At the time when I thought that you had recovered, you got sick for the last time. I felt under your stomach and there was loose flesh hanging down. You had lost so much weight, but because you were such a fluffy cat it wasn’t noticeable. I knew the time had come, but I didn’t think I could do what I knew was the kindest thing. I rang the vet and made an appointment. For the last two hours of your life, you lay on the bed next to me and purred. You shifted time and time again, because of the pain but you purred on. As you purred I cried and cried because I loved you so much and couldn’t think of life without you.
The vet asked me if I wanted to go out of the room while you were put down, but I couldn’t leave you. I held you as he injected you and I watched as the life went out of your eyes. I cried as you left Bob and I am crying now as I write this. I cried on the way home, as I dug your grave and laid you to rest under the nectarine tree in flower. I shook the tree and the petals fell over you. I put all the flowers I could find on you, then I covered you up. I shook the tree again and laid more flowers. And I cried.

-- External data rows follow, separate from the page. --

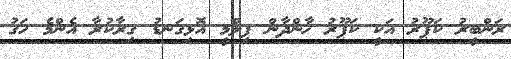
ރަންބީރު ކަޕޫރު އަކީ ކަޕޫރު ޚާންދާން ފިލްމީ އޮޅިގަނޑު ގިރާކުރާ އެންމެ ހަގު
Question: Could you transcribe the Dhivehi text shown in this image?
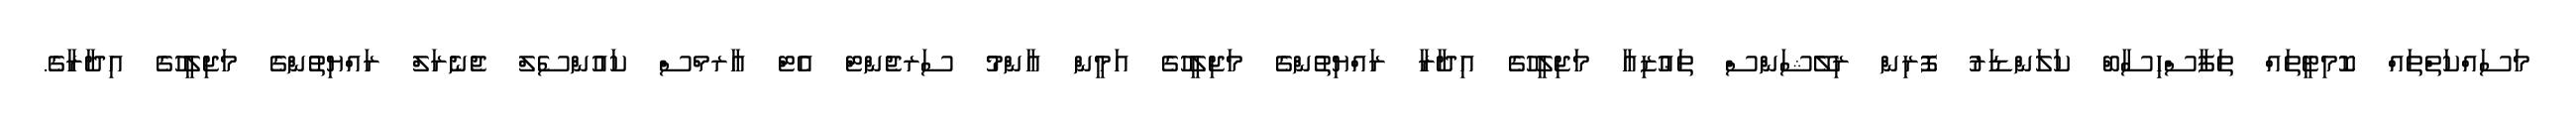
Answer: މަސައްކަތްތައް ކޮމިޓީތައް ތަފާސްހިސާބް ކަލަންޑަރު ފޮރިން ރިލޭޝަންސް ތަޢުޒިއާ މަޖިލީހުގެ އިދާރާ ރައްޔިތުންގެ މަޖިލީހުގެ އަމީން ޢާންމު ސަރޖެންޓް އެޓް އާރމްސް ކައުންސެލް ޖެނެރަލް ރައްޔިތުންގެ މަޖިލީހުގެ އިދާރާގެ.
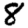
Digit: 8
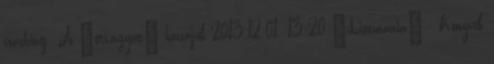
coaching: Jó "étvágyat" hozzájuk 2013.12.01. 13:20 “Listmania” - Könyvek
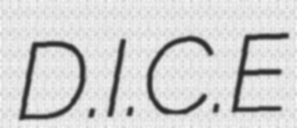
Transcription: D.I.C.E
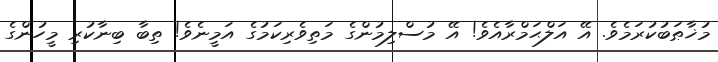
މުޚާޠަބުކުރަމެވެ. އޭ އަލްޙަމްރާއެވެ! އޭ މުސްލިމުންގެ މަތިވެރިކަމުގެ އަމީނެވެ! ތިބާ ބިނާކުރި މީހުންގެ

Bob was not the kind of cat who sat on your lap for hours. He sat and kneaded you, purred incredibly loudly and then left. When he lay on the bed next to me it would be for a short time, not all night. What he gave me was quality time. Quality time was all that he had to give. I loved you so much Bob, and I know that you loved me. There will NEVER be another Bob. I am crying Bob, crying for you. I love you. Six years was not long enough, but I will treasure the memories of those six years of quality time, just as I treasured you in life.